[Collection entries]
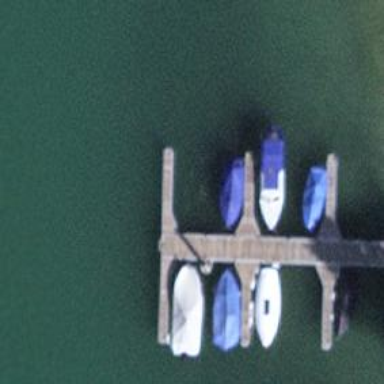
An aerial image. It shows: Man-made pier.
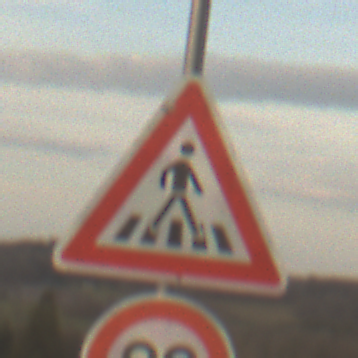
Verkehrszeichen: FussgaengerueberwegLinks
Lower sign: Geschwindigkeit90
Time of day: SunriseSunset
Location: Outdoor (Nature)
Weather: PartlyCloudy
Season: NotSpecified
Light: Natural
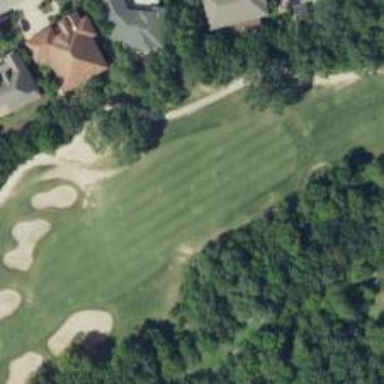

* **TASK INSTRUCTIONS**: Retype exactly, please, the span from the line holding "Lower sign: Geschwindigkeit90" through the closing line of the data, both ends included, without the pictures.

* **RESULT OF THE EXERCISE**:
Lower sign: Geschwindigkeit90
Time of day: SunriseSunset
Location: Outdoor (Nature)
Weather: PartlyCloudy
Season: NotSpecified
Light: Natural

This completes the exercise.